— Brief —
Please write out the lines of the data exactly, beginning with the first and ending with the line containing "सभासदांमधले"; leave the pictures behind.

= Beginning of Section =

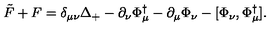
\tilde { F } + F = \delta _ { \mu \nu } \Delta _ { + } - \partial _ { \nu } \Phi _ { \mu } ^ { \dag } - \partial _ { \mu } \Phi _ { \nu } - [ \Phi _ { \nu } , \Phi _ { \mu } ^ { \dag } ] .
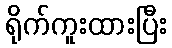
ရိုက်ကူးထားပြီး
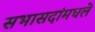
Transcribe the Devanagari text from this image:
सभासदांमधले
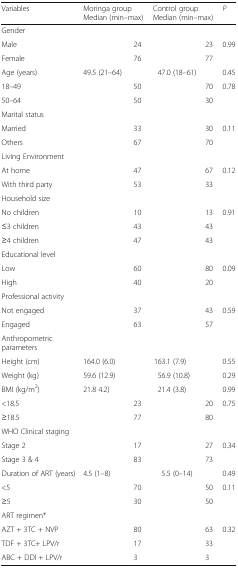
<table><thead><tr><td><b>Variables</b></td><td colspan="2"><b>Moringa group Median (min–max)</b></td><td colspan="2"><b>Control group Median (min–max)</b></td><td><b><i>P</i></b></td></tr></thead><tbody><tr><td colspan="6">Gender</td></tr><tr><td>Male</td><td></td><td>24</td><td></td><td>23</td><td>0.99</td></tr><tr><td>Female</td><td></td><td>76</td><td></td><td>77</td><td></td></tr><tr><td>Age (years)</td><td>49.5 (21–64)</td><td></td><td>47.0 (18–61)</td><td></td><td>0.45</td></tr><tr><td>18–49</td><td></td><td>50</td><td></td><td>70</td><td>0.78</td></tr><tr><td>50–64</td><td></td><td>50</td><td></td><td>30</td><td></td></tr><tr><td colspan="6">Marital status</td></tr><tr><td>Married</td><td></td><td>33</td><td></td><td>30</td><td>0.11</td></tr><tr><td>Others</td><td></td><td>67</td><td></td><td>70</td><td></td></tr><tr><td colspan="6">Living Environment</td></tr><tr><td>At home</td><td></td><td>47</td><td></td><td>67</td><td>0.12</td></tr><tr><td>With third party</td><td></td><td>53</td><td></td><td>33</td><td></td></tr><tr><td colspan="6">Household size</td></tr><tr><td>No children</td><td></td><td>10</td><td></td><td>13</td><td>0.91</td></tr><tr><td>≤3 children</td><td></td><td>43</td><td></td><td>43</td><td></td></tr><tr><td>≥4 children</td><td></td><td>47</td><td></td><td>43</td><td></td></tr><tr><td colspan="6">Educational level</td></tr><tr><td>Low</td><td></td><td>60</td><td></td><td>80</td><td>0.09</td></tr><tr><td>High</td><td></td><td>40</td><td></td><td>20</td><td></td></tr><tr><td colspan="6">Professional activity</td></tr><tr><td>Not engaged</td><td></td><td>37</td><td></td><td>43</td><td>0.59</td></tr><tr><td>Engaged</td><td></td><td>63</td><td></td><td>57</td><td></td></tr><tr><td colspan="6">Anthropometric parameters</td></tr><tr><td>Height (cm)</td><td>164.0 (6.0)</td><td></td><td>163.1 (7.9)</td><td></td><td>0.55</td></tr><tr><td>Weight (kg)</td><td>59.6 (12.9)</td><td></td><td>56.9 (10.8)</td><td></td><td>0.29</td></tr><tr><td>BMI (kg/m<sup>2</sup>)</td><td>21.8 4.2)</td><td></td><td>21.4 (3.8)</td><td></td><td>0.99</td></tr><tr><td>&lt;18.5</td><td></td><td>23</td><td></td><td>20</td><td>0.75</td></tr><tr><td>≥18.5</td><td></td><td>77</td><td></td><td>80</td><td></td></tr><tr><td colspan="6">WHO Clinical staging</td></tr><tr><td>Stage 2</td><td></td><td>17</td><td></td><td>27</td><td>0.34</td></tr><tr><td>Stage 3 &amp; 4</td><td></td><td>83</td><td></td><td>73</td><td></td></tr><tr><td>Duration of ART (years)</td><td>4.5 (1–8)</td><td></td><td>5.5 (0–14)</td><td></td><td>0.49</td></tr><tr><td>&lt;5</td><td></td><td>70</td><td></td><td>50</td><td>0.11</td></tr><tr><td>≥5</td><td></td><td>30</td><td></td><td>50</td><td></td></tr><tr><td colspan="6">ART regimen*</td></tr><tr><td>AZT + 3TC + NVP</td><td></td><td>80</td><td></td><td>63</td><td>0.32</td></tr><tr><td>TDF + 3TC+ LPV/r</td><td></td><td>17</td><td></td><td>33</td><td></td></tr><tr><td>ABC + DDI + LPV/r</td><td></td><td>3</td><td></td><td>3</td><td></td></tr></tbody></table>
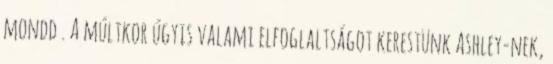
mondd . A múltkor úgyis valami elfoglaltságot kerestünk Ashley-nek,
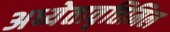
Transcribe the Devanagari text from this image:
अध्येतावृत्तिमिल
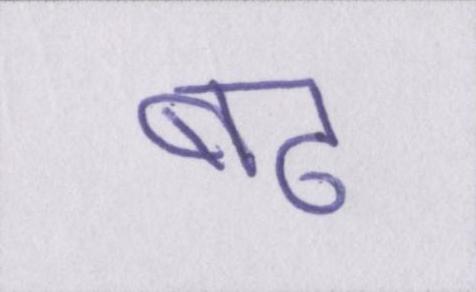
बढ

= End of Section =

— Response to this exercise —
\tilde { F } + F = \delta _ { \mu \nu } \Delta _ { + } - \partial _ { \nu } \Phi _ { \mu } ^ { \dag } - \partial _ { \mu } \Phi _ { \nu } - [ \Phi _ { \nu } , \Phi _ { \mu } ^ { \dag } ] .
ရိုက်ကူးထားပြီး
Transcribe the Devanagari text from this image:
सभासदांमधले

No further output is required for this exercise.